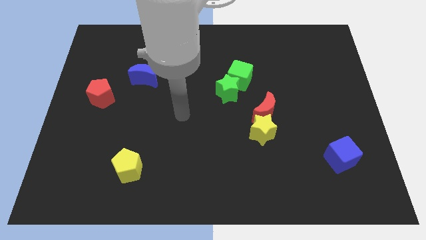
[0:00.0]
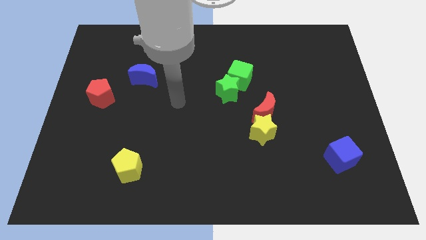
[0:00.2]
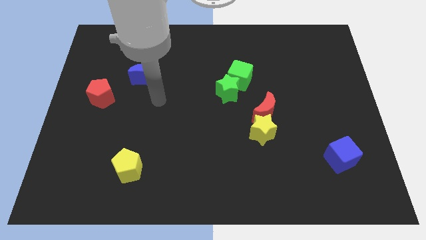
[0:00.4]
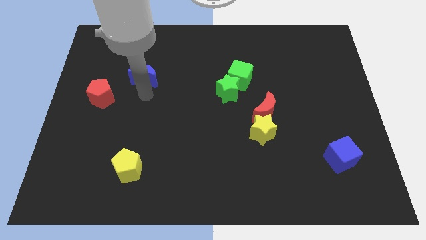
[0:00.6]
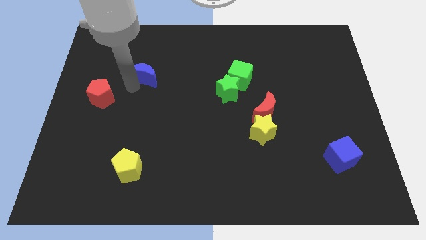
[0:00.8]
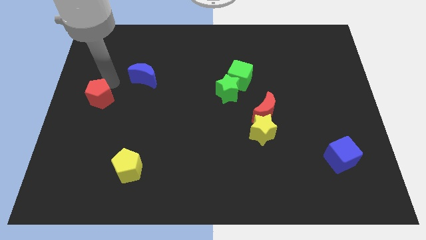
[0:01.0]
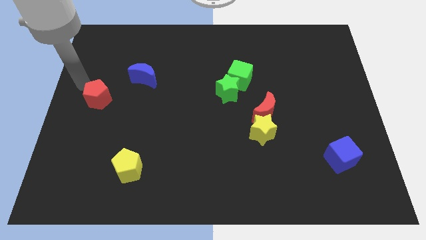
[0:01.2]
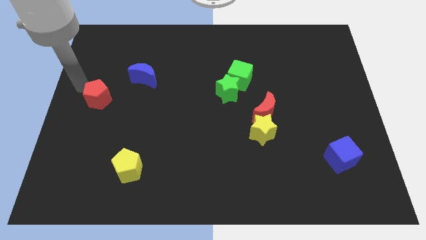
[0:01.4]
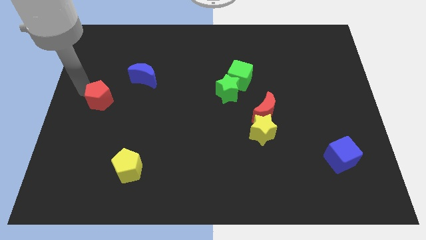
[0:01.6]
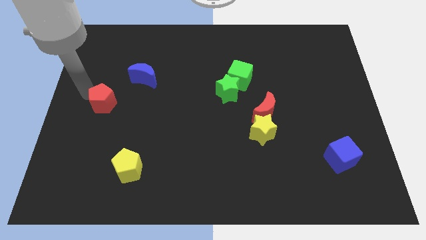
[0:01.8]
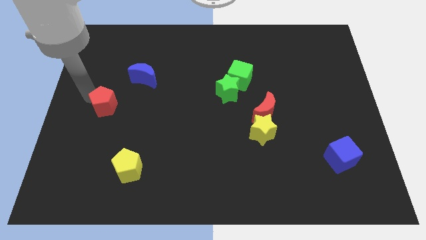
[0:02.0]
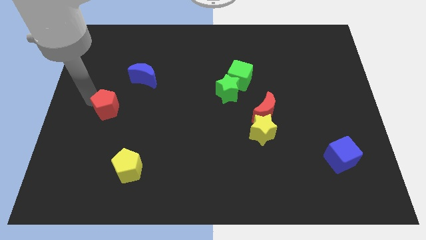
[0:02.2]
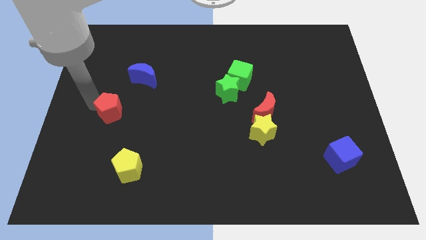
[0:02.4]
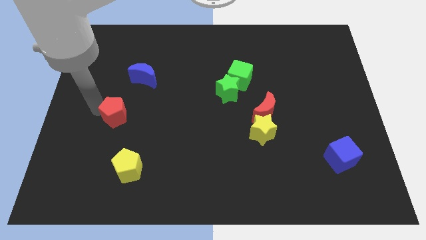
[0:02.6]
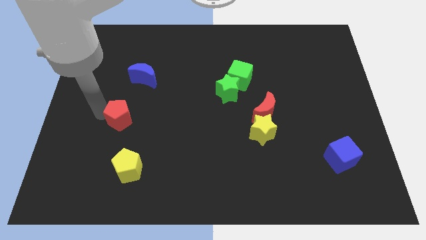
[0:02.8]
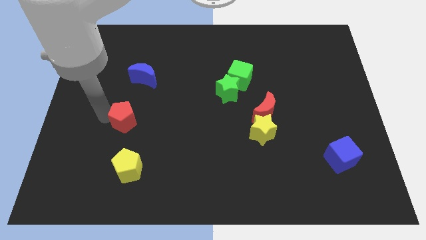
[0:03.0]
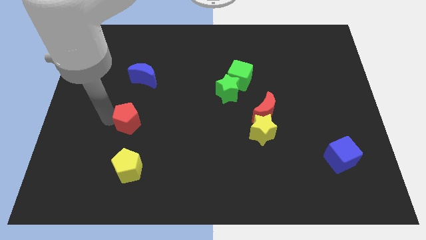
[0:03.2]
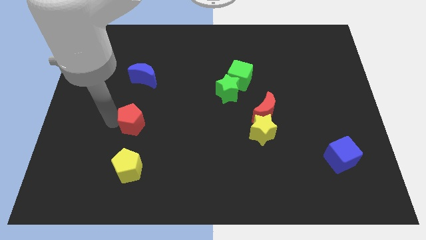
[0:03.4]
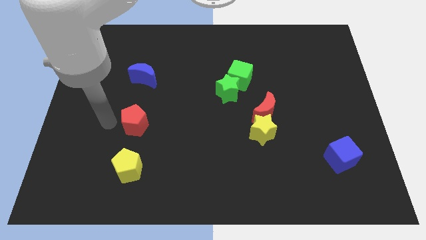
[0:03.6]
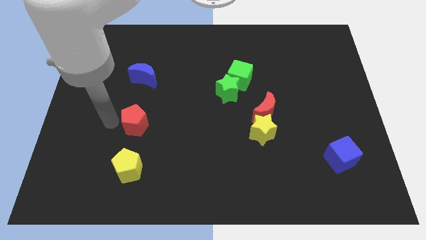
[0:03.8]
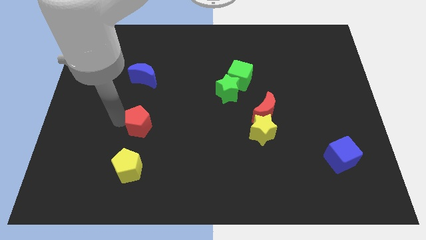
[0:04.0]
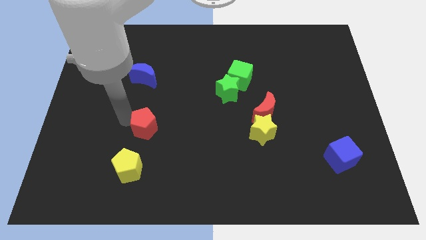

-=-=-=-=-

● Directions for this task: Skip every picture, and give the rest of the material above again exactly.

● Response to this task:
[0:00.0]
[0:00.2]
[0:00.4]
[0:00.6]
[0:00.8]
[0:01.0]
[0:01.2]
[0:01.4]
[0:01.6]
[0:01.8]
[0:02.0]
[0:02.2]
[0:02.4]
[0:02.6]
[0:02.8]
[0:03.0]
[0:03.2]
[0:03.4]
[0:03.6]
[0:03.8]
[0:04.0]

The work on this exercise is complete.